◆ Problem
The output should be identical to the entries that follow.

◆ Record set
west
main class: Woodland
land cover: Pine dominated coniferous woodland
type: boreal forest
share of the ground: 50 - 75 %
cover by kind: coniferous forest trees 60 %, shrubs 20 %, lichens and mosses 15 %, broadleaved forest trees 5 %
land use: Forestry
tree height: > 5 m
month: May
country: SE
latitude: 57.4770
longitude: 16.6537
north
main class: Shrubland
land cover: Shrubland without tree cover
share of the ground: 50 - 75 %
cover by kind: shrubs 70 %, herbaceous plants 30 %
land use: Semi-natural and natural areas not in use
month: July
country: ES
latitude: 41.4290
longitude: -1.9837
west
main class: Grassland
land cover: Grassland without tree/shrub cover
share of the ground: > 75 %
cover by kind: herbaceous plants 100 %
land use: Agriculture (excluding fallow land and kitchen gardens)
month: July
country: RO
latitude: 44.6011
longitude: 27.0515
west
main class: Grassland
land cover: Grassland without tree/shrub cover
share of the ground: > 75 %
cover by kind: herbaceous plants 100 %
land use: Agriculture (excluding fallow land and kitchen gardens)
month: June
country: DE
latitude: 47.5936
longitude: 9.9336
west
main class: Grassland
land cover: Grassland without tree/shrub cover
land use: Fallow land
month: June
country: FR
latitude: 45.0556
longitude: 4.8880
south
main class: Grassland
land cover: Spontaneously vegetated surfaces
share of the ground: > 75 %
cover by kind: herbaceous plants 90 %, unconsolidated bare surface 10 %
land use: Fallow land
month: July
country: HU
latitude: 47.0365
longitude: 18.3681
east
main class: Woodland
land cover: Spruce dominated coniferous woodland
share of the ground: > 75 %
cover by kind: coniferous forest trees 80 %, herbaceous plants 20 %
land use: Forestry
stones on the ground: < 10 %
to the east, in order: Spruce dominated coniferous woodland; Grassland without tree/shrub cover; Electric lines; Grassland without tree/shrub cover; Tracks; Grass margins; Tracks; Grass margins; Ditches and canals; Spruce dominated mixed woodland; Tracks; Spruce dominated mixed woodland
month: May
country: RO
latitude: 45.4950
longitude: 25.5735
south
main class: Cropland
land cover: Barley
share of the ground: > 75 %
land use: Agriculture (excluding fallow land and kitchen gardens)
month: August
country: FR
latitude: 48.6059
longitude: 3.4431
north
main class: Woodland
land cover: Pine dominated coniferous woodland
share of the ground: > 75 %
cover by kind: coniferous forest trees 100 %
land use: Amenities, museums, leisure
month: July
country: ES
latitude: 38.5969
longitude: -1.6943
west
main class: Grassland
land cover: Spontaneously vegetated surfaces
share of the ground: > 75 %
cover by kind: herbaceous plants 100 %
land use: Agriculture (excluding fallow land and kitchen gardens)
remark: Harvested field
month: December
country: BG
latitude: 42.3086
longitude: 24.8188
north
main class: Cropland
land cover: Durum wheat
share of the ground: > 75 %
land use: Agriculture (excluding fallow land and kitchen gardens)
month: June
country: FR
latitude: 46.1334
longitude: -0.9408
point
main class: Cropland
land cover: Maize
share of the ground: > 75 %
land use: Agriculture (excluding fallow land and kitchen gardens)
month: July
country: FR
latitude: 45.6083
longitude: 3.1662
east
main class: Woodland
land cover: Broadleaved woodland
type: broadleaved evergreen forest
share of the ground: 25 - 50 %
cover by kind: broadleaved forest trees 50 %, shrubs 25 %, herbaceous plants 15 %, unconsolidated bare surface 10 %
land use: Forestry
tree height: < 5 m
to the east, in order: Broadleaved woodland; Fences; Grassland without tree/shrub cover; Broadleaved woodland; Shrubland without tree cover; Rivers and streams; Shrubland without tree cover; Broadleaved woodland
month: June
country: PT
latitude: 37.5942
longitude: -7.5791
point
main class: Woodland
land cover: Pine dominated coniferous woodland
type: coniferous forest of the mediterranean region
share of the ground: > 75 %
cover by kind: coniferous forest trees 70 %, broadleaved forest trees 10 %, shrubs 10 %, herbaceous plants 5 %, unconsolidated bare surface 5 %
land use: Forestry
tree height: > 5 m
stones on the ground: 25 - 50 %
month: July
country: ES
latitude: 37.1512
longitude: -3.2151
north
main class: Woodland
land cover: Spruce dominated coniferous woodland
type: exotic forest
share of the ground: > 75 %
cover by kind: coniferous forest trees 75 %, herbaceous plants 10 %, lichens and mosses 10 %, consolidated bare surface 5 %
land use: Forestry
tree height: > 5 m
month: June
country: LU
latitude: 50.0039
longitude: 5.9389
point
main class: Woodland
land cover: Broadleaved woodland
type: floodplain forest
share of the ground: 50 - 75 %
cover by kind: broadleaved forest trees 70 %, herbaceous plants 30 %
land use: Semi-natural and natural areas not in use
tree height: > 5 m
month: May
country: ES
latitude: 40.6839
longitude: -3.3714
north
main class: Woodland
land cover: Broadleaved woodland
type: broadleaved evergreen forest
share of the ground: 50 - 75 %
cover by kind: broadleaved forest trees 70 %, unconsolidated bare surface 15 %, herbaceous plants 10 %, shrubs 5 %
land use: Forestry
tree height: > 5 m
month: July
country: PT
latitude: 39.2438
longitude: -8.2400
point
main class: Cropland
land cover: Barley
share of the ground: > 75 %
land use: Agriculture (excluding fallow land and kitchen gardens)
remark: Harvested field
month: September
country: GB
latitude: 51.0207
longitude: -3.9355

◆ Exercise result
west
main class: Woodland
land cover: Pine dominated coniferous woodland
type: boreal forest
share of the ground: 50 - 75 %
cover by kind: coniferous forest trees 60 %, shrubs 20 %, lichens and mosses 15 %, broadleaved forest trees 5 %
land use: Forestry
tree height: > 5 m
month: May
country: SE
latitude: 57.4770
longitude: 16.6537
north
main class: Shrubland
land cover: Shrubland without tree cover
share of the ground: 50 - 75 %
cover by kind: shrubs 70 %, herbaceous plants 30 %
land use: Semi-natural and natural areas not in use
month: July
country: ES
latitude: 41.4290
longitude: -1.9837
west
main class: Grassland
land cover: Grassland without tree/shrub cover
share of the ground: > 75 %
cover by kind: herbaceous plants 100 %
land use: Agriculture (excluding fallow land and kitchen gardens)
month: July
country: RO
latitude: 44.6011
longitude: 27.0515
west
main class: Grassland
land cover: Grassland without tree/shrub cover
share of the ground: > 75 %
cover by kind: herbaceous plants 100 %
land use: Agriculture (excluding fallow land and kitchen gardens)
month: June
country: DE
latitude: 47.5936
longitude: 9.9336
west
main class: Grassland
land cover: Grassland without tree/shrub cover
land use: Fallow land
month: June
country: FR
latitude: 45.0556
longitude: 4.8880
south
main class: Grassland
land cover: Spontaneously vegetated surfaces
share of the ground: > 75 %
cover by kind: herbaceous plants 90 %, unconsolidated bare surface 10 %
land use: Fallow land
month: July
country: HU
latitude: 47.0365
longitude: 18.3681
east
main class: Woodland
land cover: Spruce dominated coniferous woodland
share of the ground: > 75 %
cover by kind: coniferous forest trees 80 %, herbaceous plants 20 %
land use: Forestry
stones on the ground: < 10 %
to the east, in order: Spruce dominated coniferous woodland; Grassland without tree/shrub cover; Electric lines; Grassland without tree/shrub cover; Tracks; Grass margins; Tracks; Grass margins; Ditches and canals; Spruce dominated mixed woodland; Tracks; Spruce dominated mixed woodland
month: May
country: RO
latitude: 45.4950
longitude: 25.5735
south
main class: Cropland
land cover: Barley
share of the ground: > 75 %
land use: Agriculture (excluding fallow land and kitchen gardens)
month: August
country: FR
latitude: 48.6059
longitude: 3.4431
north
main class: Woodland
land cover: Pine dominated coniferous woodland
share of the ground: > 75 %
cover by kind: coniferous forest trees 100 %
land use: Amenities, museums, leisure
month: July
country: ES
latitude: 38.5969
longitude: -1.6943
west
main class: Grassland
land cover: Spontaneously vegetated surfaces
share of the ground: > 75 %
cover by kind: herbaceous plants 100 %
land use: Agriculture (excluding fallow land and kitchen gardens)
remark: Harvested field
month: December
country: BG
latitude: 42.3086
longitude: 24.8188
north
main class: Cropland
land cover: Durum wheat
share of the ground: > 75 %
land use: Agriculture (excluding fallow land and kitchen gardens)
month: June
country: FR
latitude: 46.1334
longitude: -0.9408
point
main class: Cropland
land cover: Maize
share of the ground: > 75 %
land use: Agriculture (excluding fallow land and kitchen gardens)
month: July
country: FR
latitude: 45.6083
longitude: 3.1662
east
main class: Woodland
land cover: Broadleaved woodland
type: broadleaved evergreen forest
share of the ground: 25 - 50 %
cover by kind: broadleaved forest trees 50 %, shrubs 25 %, herbaceous plants 15 %, unconsolidated bare surface 10 %
land use: Forestry
tree height: < 5 m
to the east, in order: Broadleaved woodland; Fences; Grassland without tree/shrub cover; Broadleaved woodland; Shrubland without tree cover; Rivers and streams; Shrubland without tree cover; Broadleaved woodland
month: June
country: PT
latitude: 37.5942
longitude: -7.5791
point
main class: Woodland
land cover: Pine dominated coniferous woodland
type: coniferous forest of the mediterranean region
share of the ground: > 75 %
cover by kind: coniferous forest trees 70 %, broadleaved forest trees 10 %, shrubs 10 %, herbaceous plants 5 %, unconsolidated bare surface 5 %
land use: Forestry
tree height: > 5 m
stones on the ground: 25 - 50 %
month: July
country: ES
latitude: 37.1512
longitude: -3.2151
north
main class: Woodland
land cover: Spruce dominated coniferous woodland
type: exotic forest
share of the ground: > 75 %
cover by kind: coniferous forest trees 75 %, herbaceous plants 10 %, lichens and mosses 10 %, consolidated bare surface 5 %
land use: Forestry
tree height: > 5 m
month: June
country: LU
latitude: 50.0039
longitude: 5.9389
point
main class: Woodland
land cover: Broadleaved woodland
type: floodplain forest
share of the ground: 50 - 75 %
cover by kind: broadleaved forest trees 70 %, herbaceous plants 30 %
land use: Semi-natural and natural areas not in use
tree height: > 5 m
month: May
country: ES
latitude: 40.6839
longitude: -3.3714
north
main class: Woodland
land cover: Broadleaved woodland
type: broadleaved evergreen forest
share of the ground: 50 - 75 %
cover by kind: broadleaved forest trees 70 %, unconsolidated bare surface 15 %, herbaceous plants 10 %, shrubs 5 %
land use: Forestry
tree height: > 5 m
month: July
country: PT
latitude: 39.2438
longitude: -8.2400
point
main class: Cropland
land cover: Barley
share of the ground: > 75 %
land use: Agriculture (excluding fallow land and kitchen gardens)
remark: Harvested field
month: September
country: GB
latitude: 51.0207
longitude: -3.9355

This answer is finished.